* EXERCISE DESCRIPTION:
When you return the material, keep every line exactly as it is and omit the pictures.

AVAILABLE DATA START

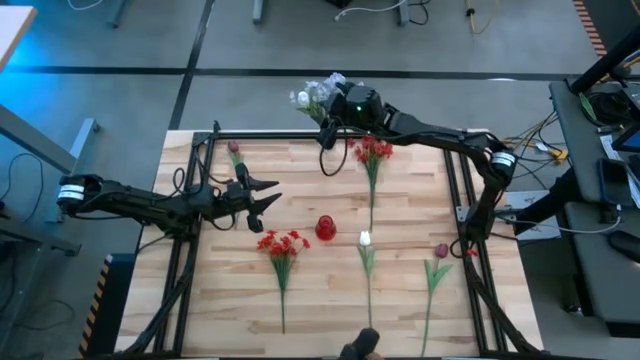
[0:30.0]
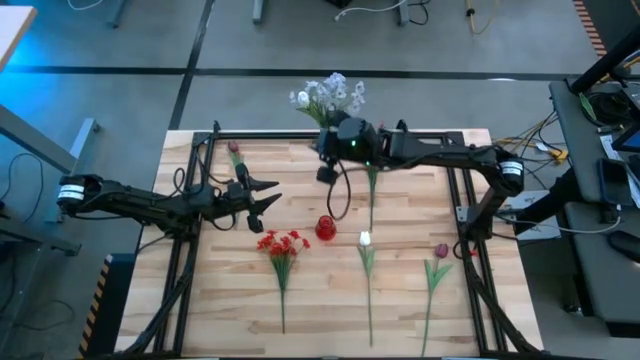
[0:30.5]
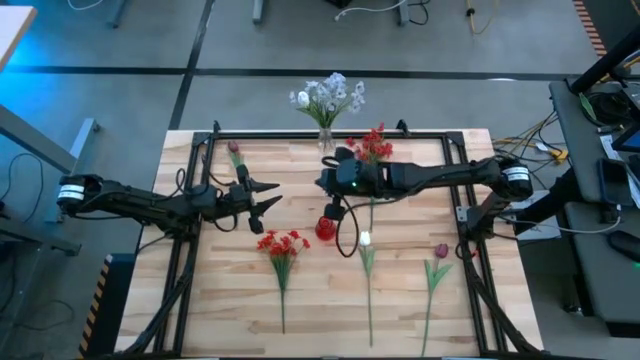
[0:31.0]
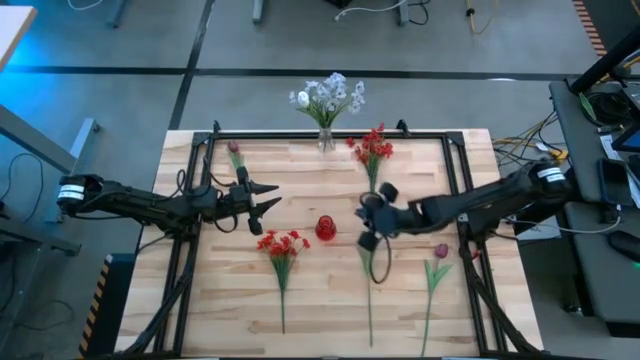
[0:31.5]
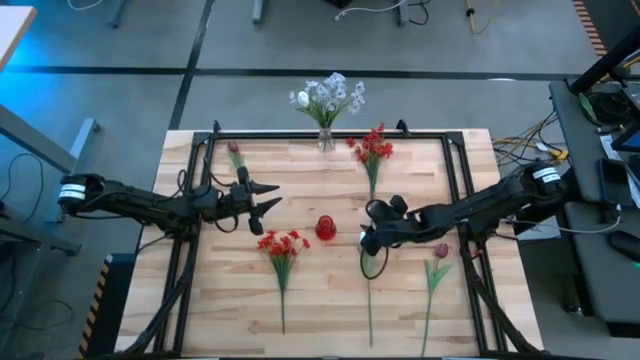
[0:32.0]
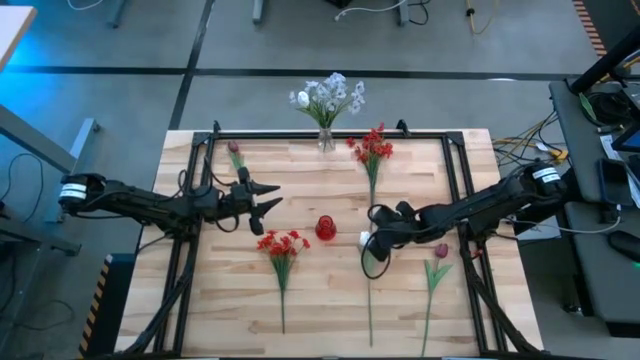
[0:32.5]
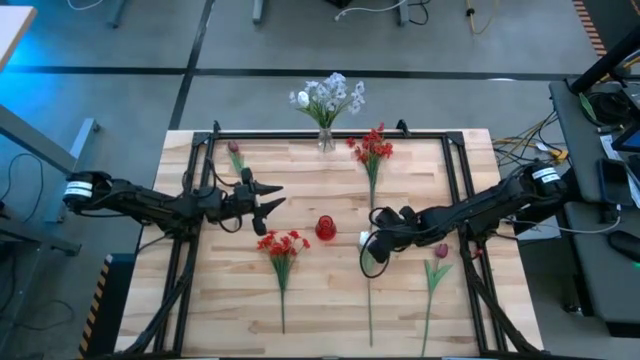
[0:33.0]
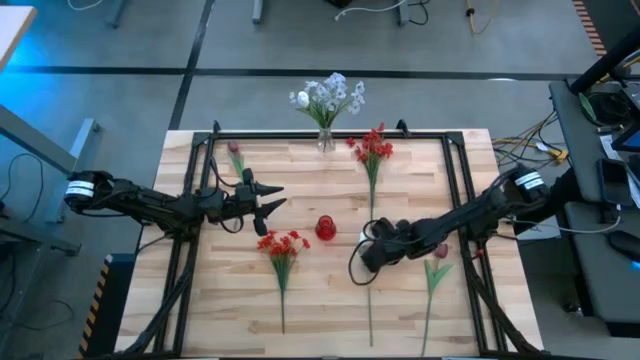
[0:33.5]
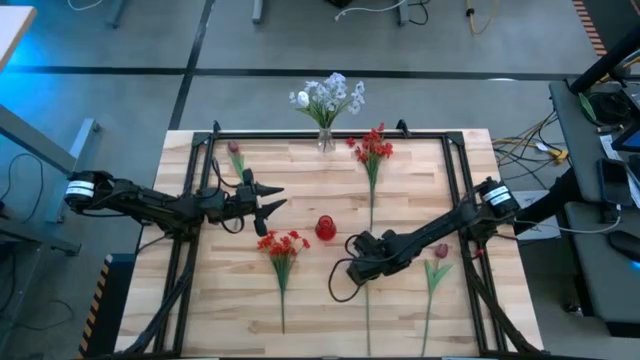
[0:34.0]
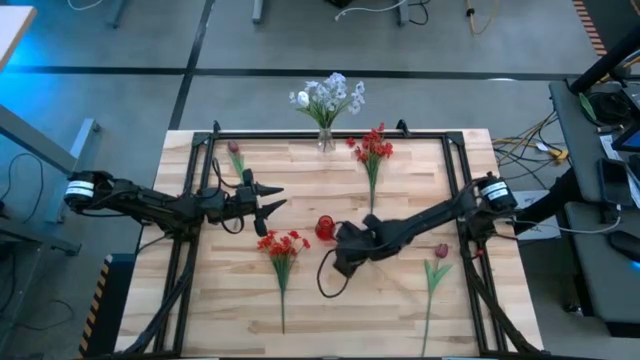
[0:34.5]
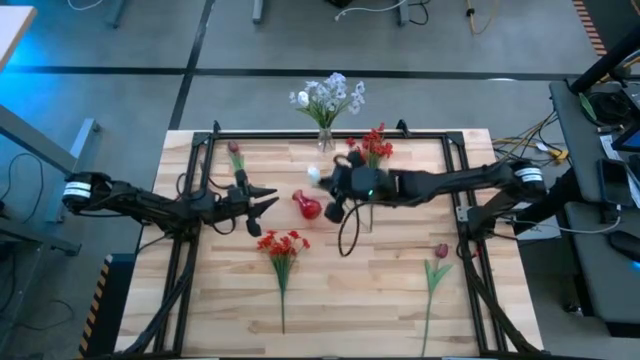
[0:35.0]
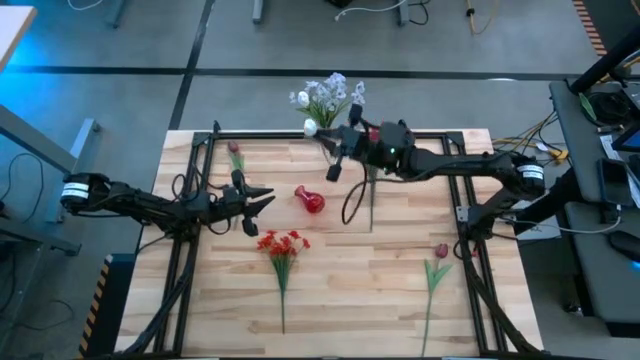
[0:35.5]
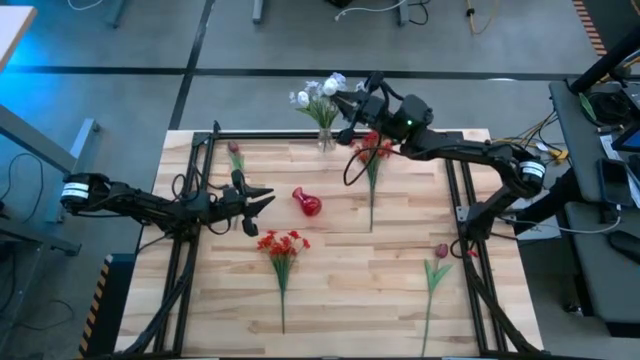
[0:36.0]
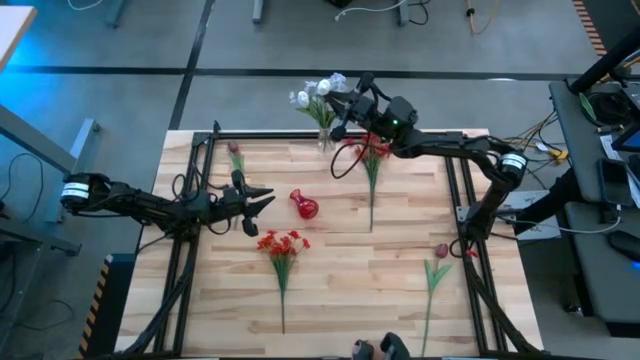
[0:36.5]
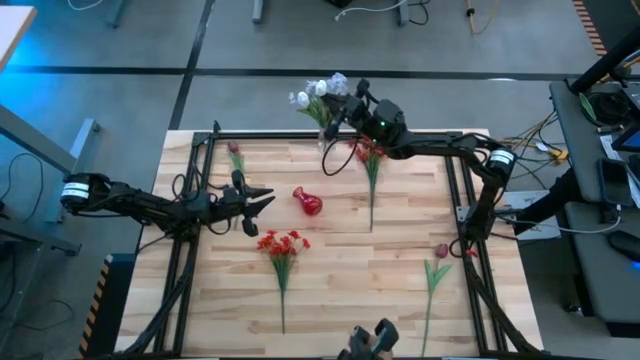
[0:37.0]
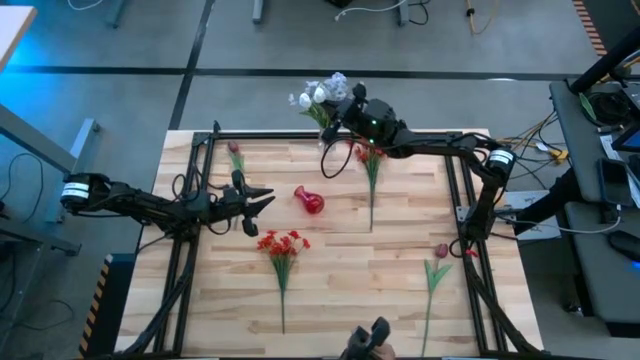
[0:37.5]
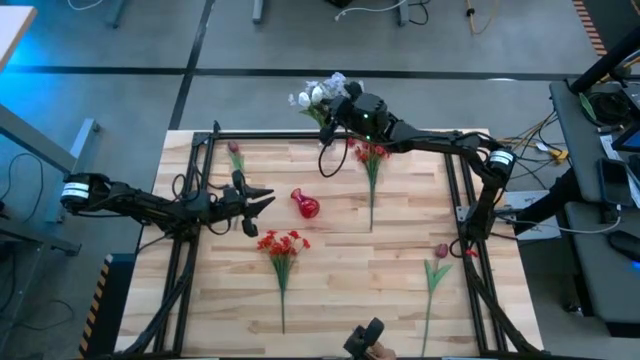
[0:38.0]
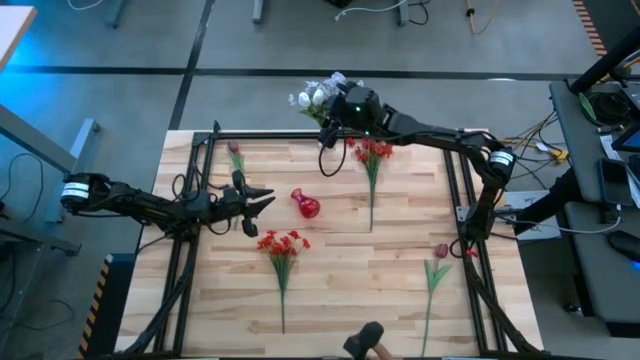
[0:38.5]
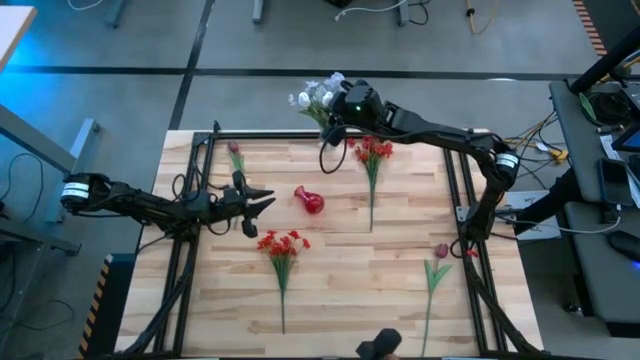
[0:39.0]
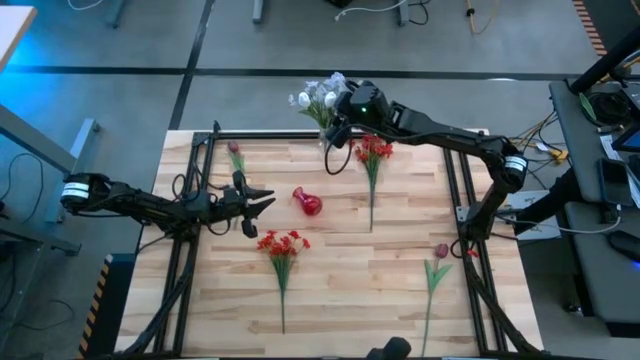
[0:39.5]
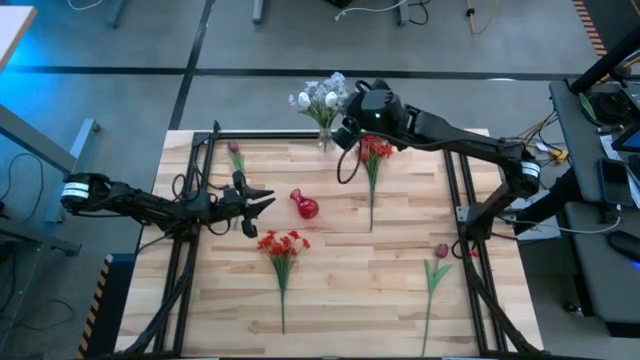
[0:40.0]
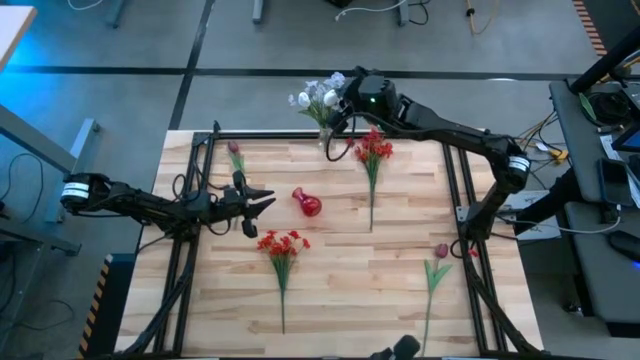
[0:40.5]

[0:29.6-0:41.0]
Task: Sort flowers into vase by color
Put the white tulip flower into the transparent vase

AVAILABLE DATA END

* RESULT FOR THIS TASK:
[0:30.0]
[0:30.5]
[0:31.0]
[0:31.5]
[0:32.0]
[0:32.5]
[0:33.0]
[0:33.5]
[0:34.0]
[0:34.5]
[0:35.0]
[0:35.5]
[0:36.0]
[0:36.5]
[0:37.0]
[0:37.5]
[0:38.0]
[0:38.5]
[0:39.0]
[0:39.5]
[0:40.0]
[0:40.5]

[0:29.6-0:41.0]
Task: Sort flowers into vase by color
Put the white tulip flower into the transparent vase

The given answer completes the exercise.